Thursday, January 23, 2014

Shell’s Arctic Offshore Drilling Ambitions Stymied in Appeals Court

Royal Dutch Shell drilling rig Kulluk aground off a small island near Kodiak Island. (Credit: U.S. Coast Guard) Click to enlarge.
Shell’s ambitions to drill for oil off the coast of Alaska received another blow Wednesday, when the 9th Circuit Court of Appeals ruled that the Interior Department had failed to adequately assess the scale of oil production that could result from the 2008 sale of leases in the Chukchi Sea.

The court challenge — brought by a group of some of the nation’s most prominent environmental organizations — was based in part on an estimate by the Bureau of Ocean Energy Management (BOEM) that 1 billion barrels of oil was “economically recoverable” from the Chukchi Sea leases.  The environmental review of the lease sale was based on that number.

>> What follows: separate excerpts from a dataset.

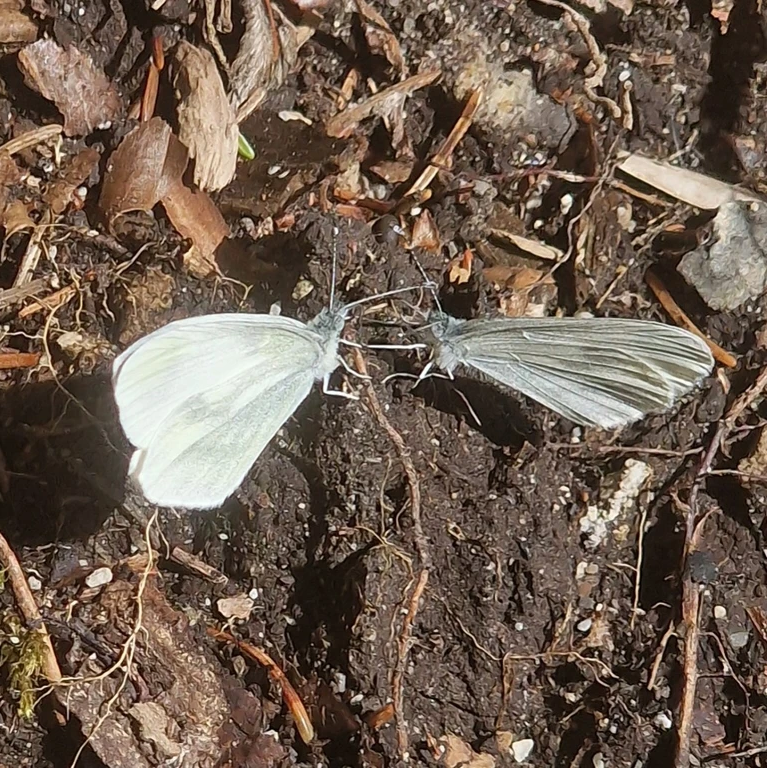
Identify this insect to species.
Leptidea sinapis/juvernica
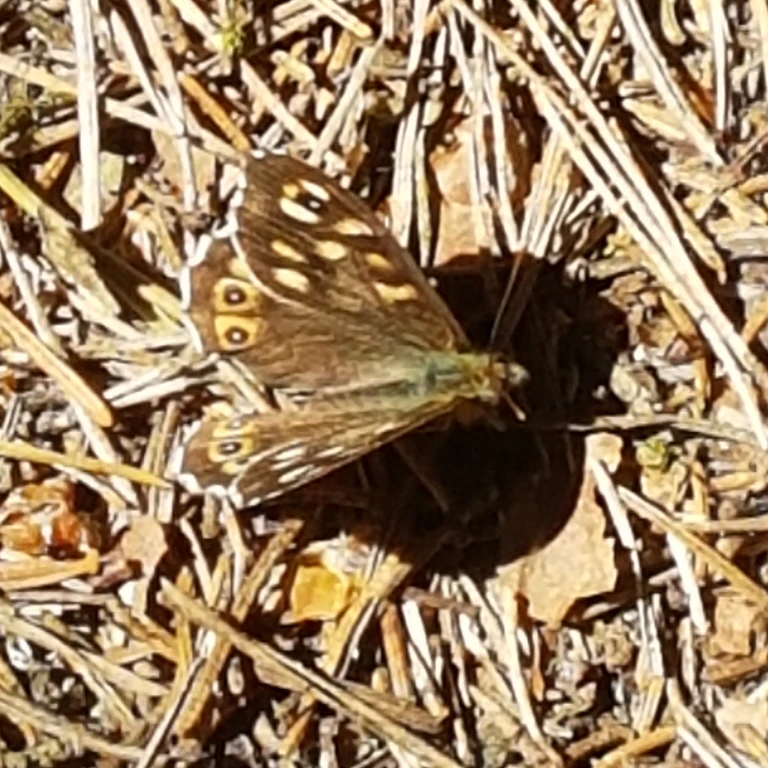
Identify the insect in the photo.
Pararge aegeria
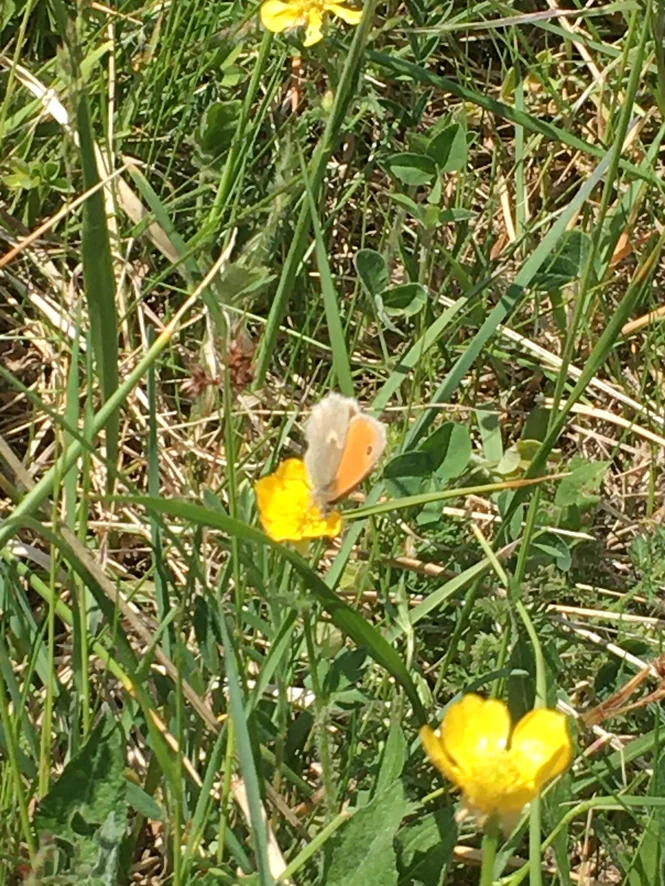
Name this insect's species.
Coenonympha pamphilus
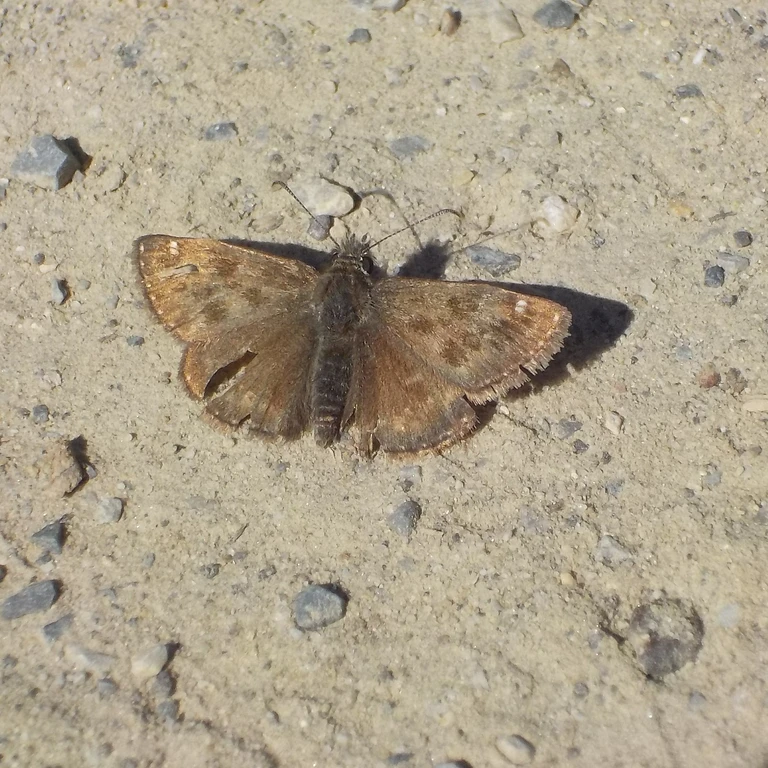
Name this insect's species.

“In the case before us, BOEM was fully aware from the very beginning that if one billion barrels could be economically produced, many more barrels could also be economically produced,” the opinion said.  The appeals court called the estimate “arbitrary and capricious,” and said that under the National Environmental Policy Act, the government must “base its analysis on the full range of likely production if oil production were to occur. It did not do so here.”  The case was sent back to U.S. District Judge Ralph Beistline in Alaska for additional review.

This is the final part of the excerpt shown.